Extracted records
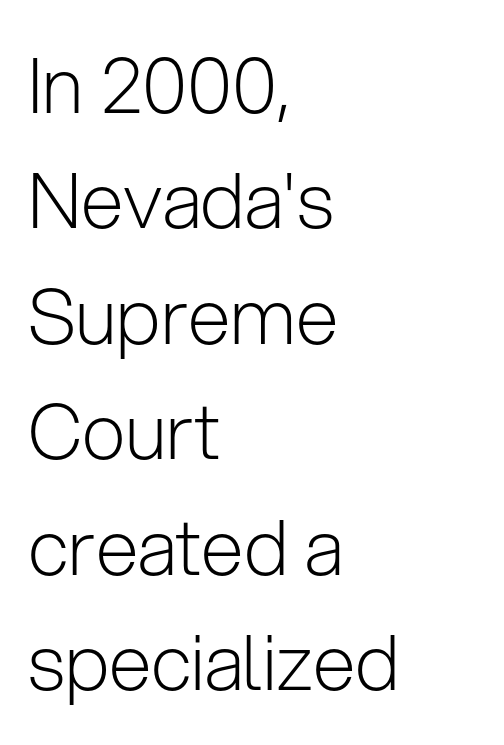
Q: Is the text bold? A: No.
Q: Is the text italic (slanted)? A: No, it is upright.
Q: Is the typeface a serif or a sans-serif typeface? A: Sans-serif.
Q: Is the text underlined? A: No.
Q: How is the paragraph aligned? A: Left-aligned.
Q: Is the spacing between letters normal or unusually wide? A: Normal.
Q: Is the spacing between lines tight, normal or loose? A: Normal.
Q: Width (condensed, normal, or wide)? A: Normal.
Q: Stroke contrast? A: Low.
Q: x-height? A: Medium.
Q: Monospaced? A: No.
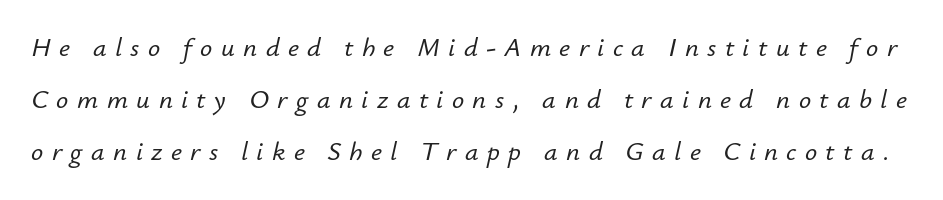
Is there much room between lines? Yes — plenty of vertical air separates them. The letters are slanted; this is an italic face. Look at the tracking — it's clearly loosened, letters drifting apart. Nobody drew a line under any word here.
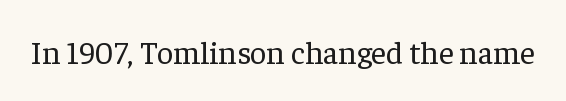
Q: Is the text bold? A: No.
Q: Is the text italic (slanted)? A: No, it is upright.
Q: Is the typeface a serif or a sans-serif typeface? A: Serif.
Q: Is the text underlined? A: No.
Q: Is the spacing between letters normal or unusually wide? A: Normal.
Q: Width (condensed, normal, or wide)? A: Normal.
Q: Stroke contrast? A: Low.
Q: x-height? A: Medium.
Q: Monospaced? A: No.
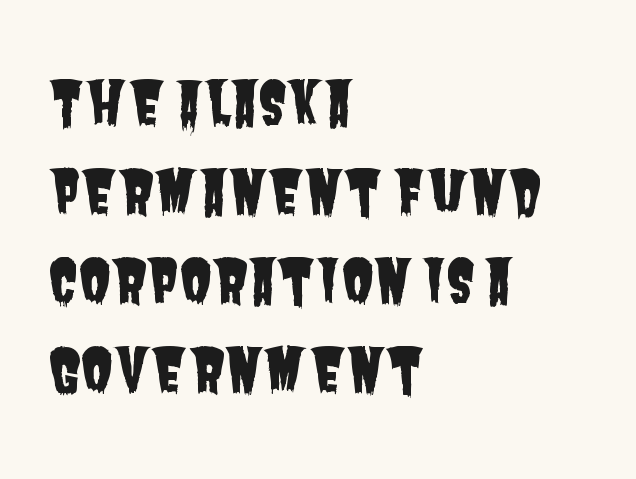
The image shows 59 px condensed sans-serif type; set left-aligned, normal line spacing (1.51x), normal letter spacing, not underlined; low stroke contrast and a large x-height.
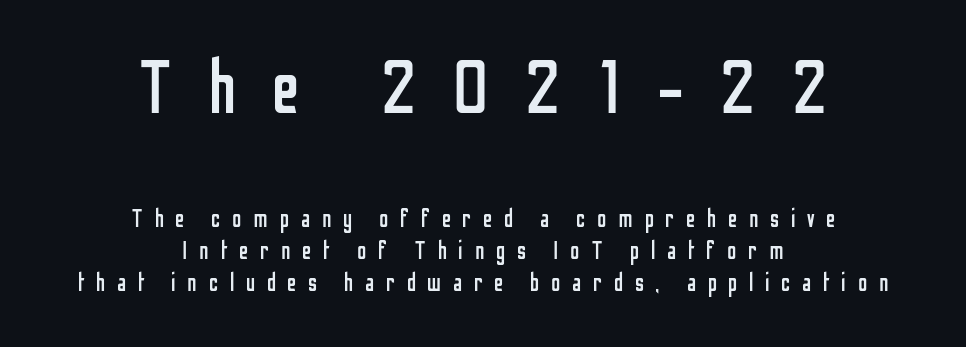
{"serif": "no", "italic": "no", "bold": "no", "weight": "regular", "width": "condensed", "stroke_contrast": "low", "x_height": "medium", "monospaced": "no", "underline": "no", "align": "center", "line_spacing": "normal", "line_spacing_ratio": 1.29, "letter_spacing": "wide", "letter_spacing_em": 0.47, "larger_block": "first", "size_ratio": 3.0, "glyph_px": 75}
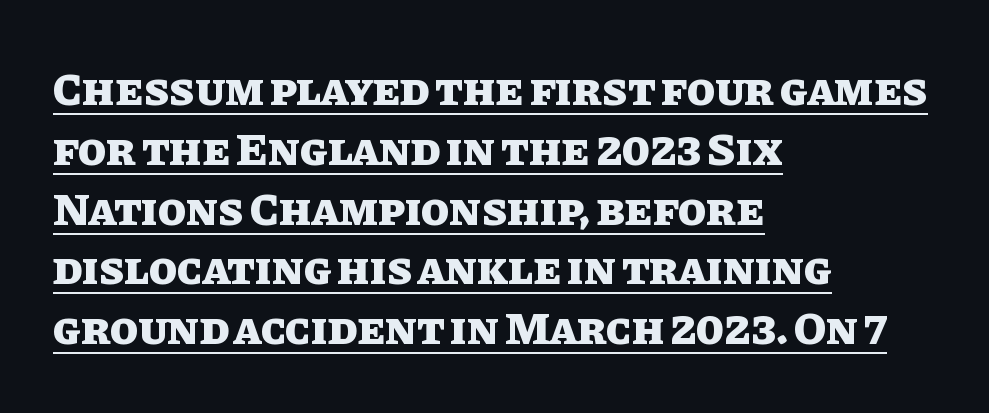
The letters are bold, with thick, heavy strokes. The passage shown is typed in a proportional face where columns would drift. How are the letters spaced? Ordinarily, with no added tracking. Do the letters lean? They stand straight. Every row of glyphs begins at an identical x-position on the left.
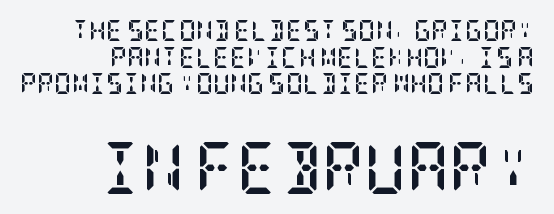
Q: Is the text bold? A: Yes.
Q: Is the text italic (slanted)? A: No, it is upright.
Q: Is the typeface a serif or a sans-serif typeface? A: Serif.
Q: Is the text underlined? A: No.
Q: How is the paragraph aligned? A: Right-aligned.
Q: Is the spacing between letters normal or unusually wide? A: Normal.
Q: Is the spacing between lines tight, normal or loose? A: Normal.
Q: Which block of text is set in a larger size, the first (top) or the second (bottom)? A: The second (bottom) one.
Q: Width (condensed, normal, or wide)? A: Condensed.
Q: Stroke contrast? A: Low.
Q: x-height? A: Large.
--
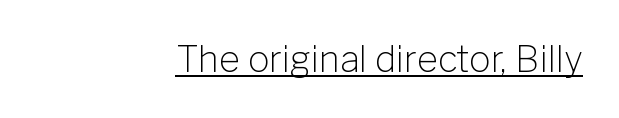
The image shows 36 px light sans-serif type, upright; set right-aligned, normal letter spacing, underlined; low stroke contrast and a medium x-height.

What is expected
Extract the lines of the preceding material that run from the line with "Q: How is the paragraph aligned? A: Right-aligned." through the line with "Q: x-height? A: Large.", inclusive, reproducing them exactly and adding nothing.

Solution for this exercise
Q: How is the paragraph aligned? A: Right-aligned.
Q: Is the spacing between letters normal or unusually wide? A: Normal.
Q: Is the spacing between lines tight, normal or loose? A: Normal.
Q: Which block of text is set in a larger size, the first (top) or the second (bottom)? A: The second (bottom) one.
Q: Width (condensed, normal, or wide)? A: Condensed.
Q: Stroke contrast? A: Low.
Q: x-height? A: Large.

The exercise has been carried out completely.